Since the df data frame is small, the top portion of the data frame is the entire data frame. The glimpse() function is most useful when the data frame is larger.
The beginning of a data frame can be displayed in table format with the head() function. The head() function will truncate the number of columns of a tibble, if there are more than can be displayed in the width of a page.

2.1.5 Examples - Python

2.1.5.1 Acquisition - Creating a data frame

Data frames can be specified by the DataFrame() function. This function is in the pandas package and the call needs to be written as pd.DataFrame(). When a data frame is constructed this way, the data is given in columns as parameters to the DataFrame() function. The parameter names of DataFrame() are used as the column names in the data frame and the parameter data are the variables of the data frame (columns).

The following code creates a data frame with 5 observations of 2 variables. The name given to this data set is df. The variables have been named A and B. The observations have not been given names.
```
import pandas as pd
```
```
df = (
    pd.DataFrame(data={ 
        'A': [1, 2, 3, 4, 5],
        'B': [5, 3, 2, 1, 4]}))
```
Note, the format of the above code. The data frame name and the assignment are on one line of code. This line ends with an open parenthesis. The unclosed parenthesis allows the code to be continued over multiple physical lines. The name of the function, here pd.dataFrame(), is on the next row and indented four spaces. The name for each column starts a new line of code and is indented an additional four spaces. The closing parentheses are at the end of the last line. This is the coding style for Python. Nesting is shown using indents and the indents are always four spaces. This makes a nice list that one can read down to see the variables of the data frame. Python does not require this formatting. This formatting is meant to accomplish two goals. The first is to make it clear to the reader what code is nested together. The two columns of the data frame are at the same level of nesting and this nesting is within the pd.DataFrame() function. The other goal is to make the key information easy to find on the left side of the code. The actions (functions and methods) and what is being acted on (the data) are highlighted by this approach. The details of the code are to the right.
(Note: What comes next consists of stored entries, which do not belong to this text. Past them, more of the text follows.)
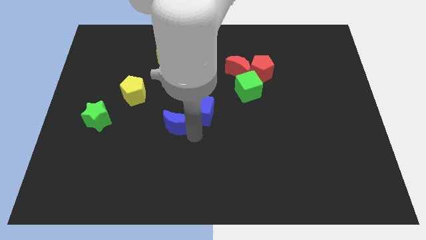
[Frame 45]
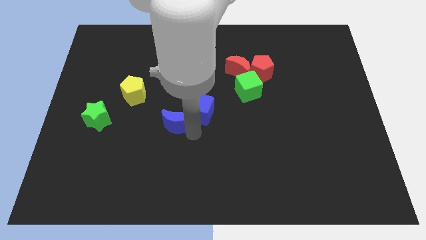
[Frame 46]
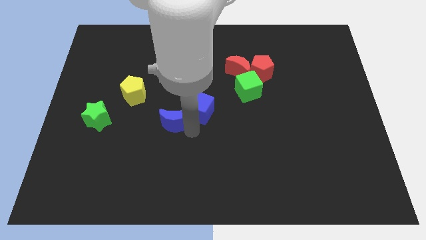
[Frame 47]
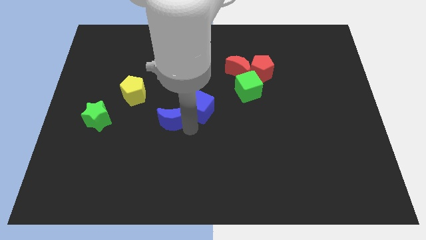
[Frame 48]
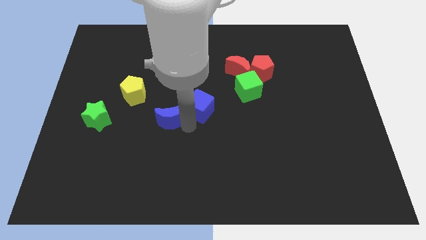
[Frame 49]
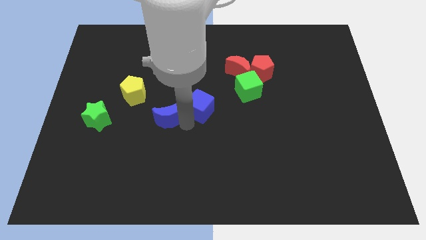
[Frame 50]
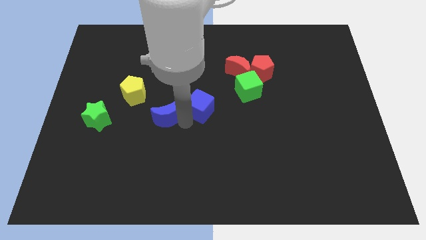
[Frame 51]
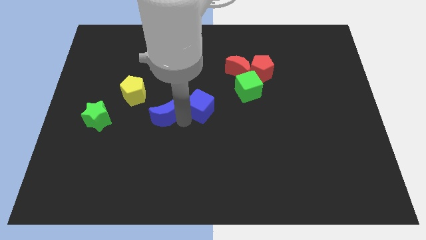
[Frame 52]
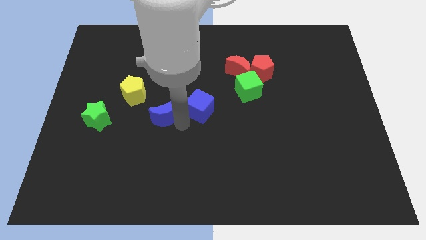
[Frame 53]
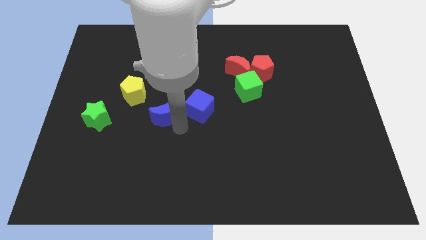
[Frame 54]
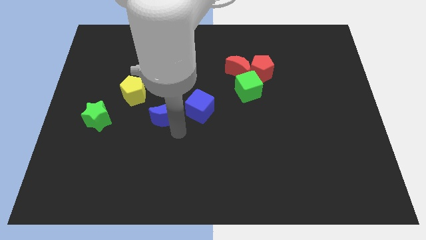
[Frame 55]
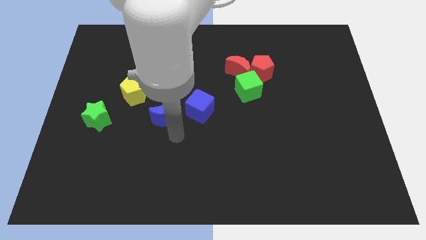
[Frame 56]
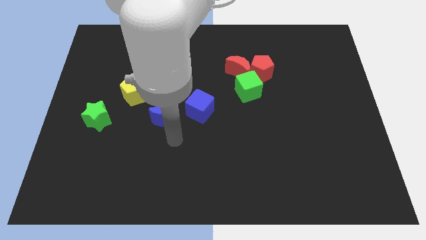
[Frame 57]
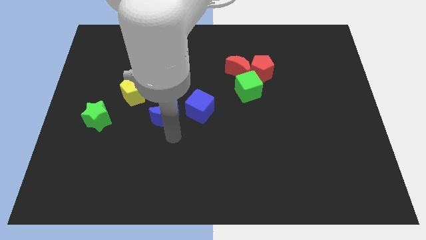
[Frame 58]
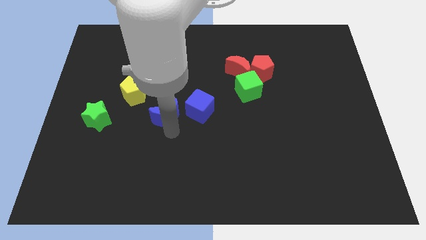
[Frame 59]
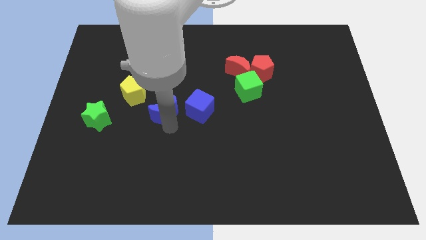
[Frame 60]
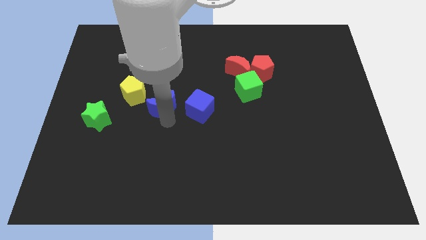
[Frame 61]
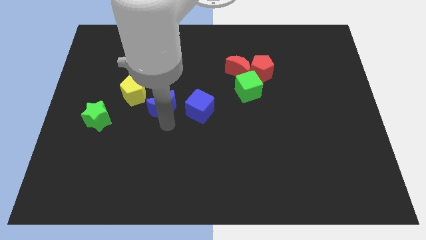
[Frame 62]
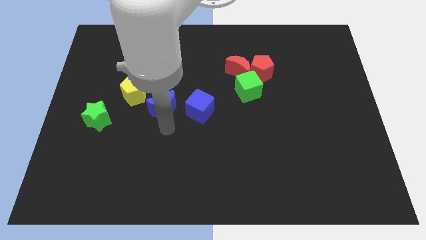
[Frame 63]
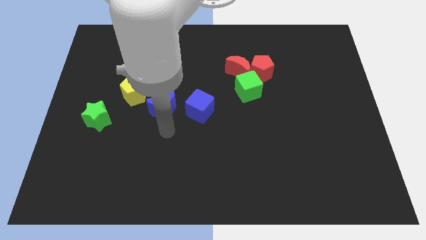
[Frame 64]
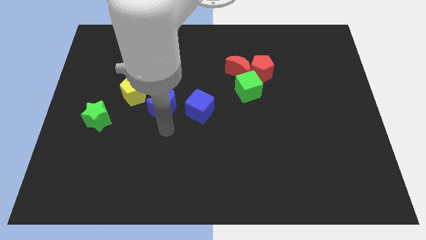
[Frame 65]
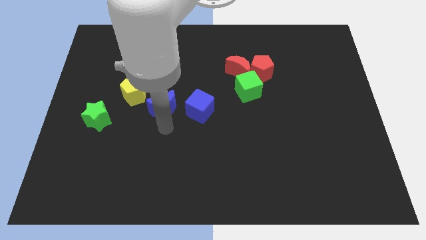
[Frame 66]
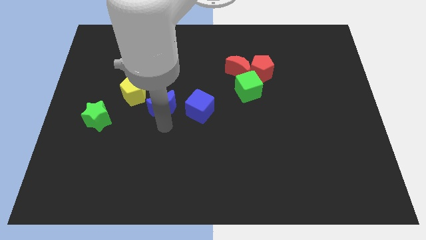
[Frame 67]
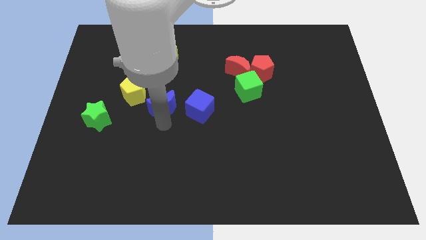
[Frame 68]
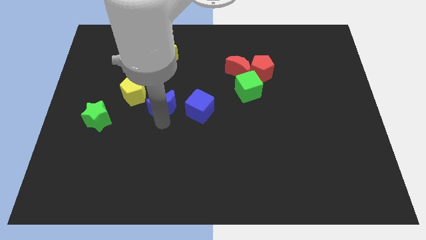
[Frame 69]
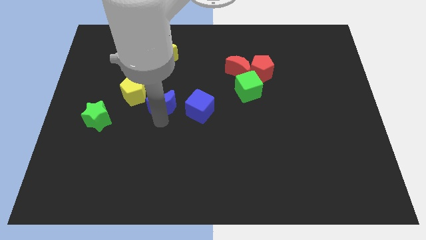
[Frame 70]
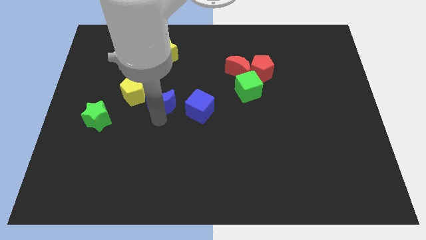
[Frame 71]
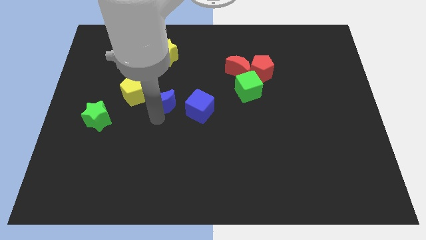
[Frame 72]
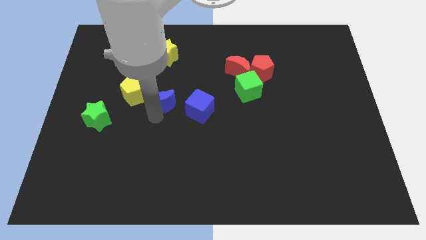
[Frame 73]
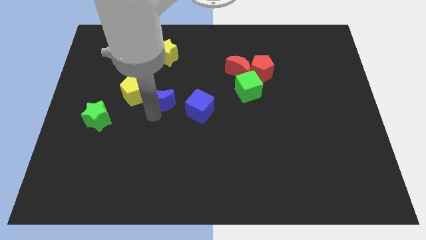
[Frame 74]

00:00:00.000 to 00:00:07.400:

The data parameter is given inside of { and}. This is a Python dictionary object. A dictionary is an object that matches names to objects. In this example it maps the names A and B to lists. The list operators are [ and ] and the values of the list are given inside the brackets. Each list is used as a column of the data frame.

2.1.5.2 Explore - Attributes of a data object

The class of an object is displayed by the Python type() function. This is not a pandas function and as such does not use the pd. prefix.
```
print(type(df))
```
```
<class 'pandas.core.frame.DataFrame'>
```
The dimensions of a data frame is returned by the shape attribute of a data frame.
```
print(df.shape)
```
```
(5, 2)
```
We can see that the dimensions of this data frame is five rows (observations) of two columns (variables.)
The dtypes attribute of a data frame is the type associated with each column of the data frame.
```
print(df.dtypes)
```
```
A    int64
B    int64
dtype: object
```

2.1.5.3 Explore - Initial look at a data frame

The beginning of a data frame can be displayed in table format with the head() data frame method.
```
print(df.head())
```
```
   A  B
0  1  5
1  2  3
2  3  2
3  4  1
4  5  4
```
Since the df data frame is small, the top portion of the data frame is the entire data frame. The head() method is most useful when the data frame is larger.

2.1.6 Exercises

Create a data frame with three observations of two variables. Name the variables x1 and x2. Make up numbers for the values of the observed variables.
Using any of the functions/methods from the discourse, display the number of observations and variables of the data frame.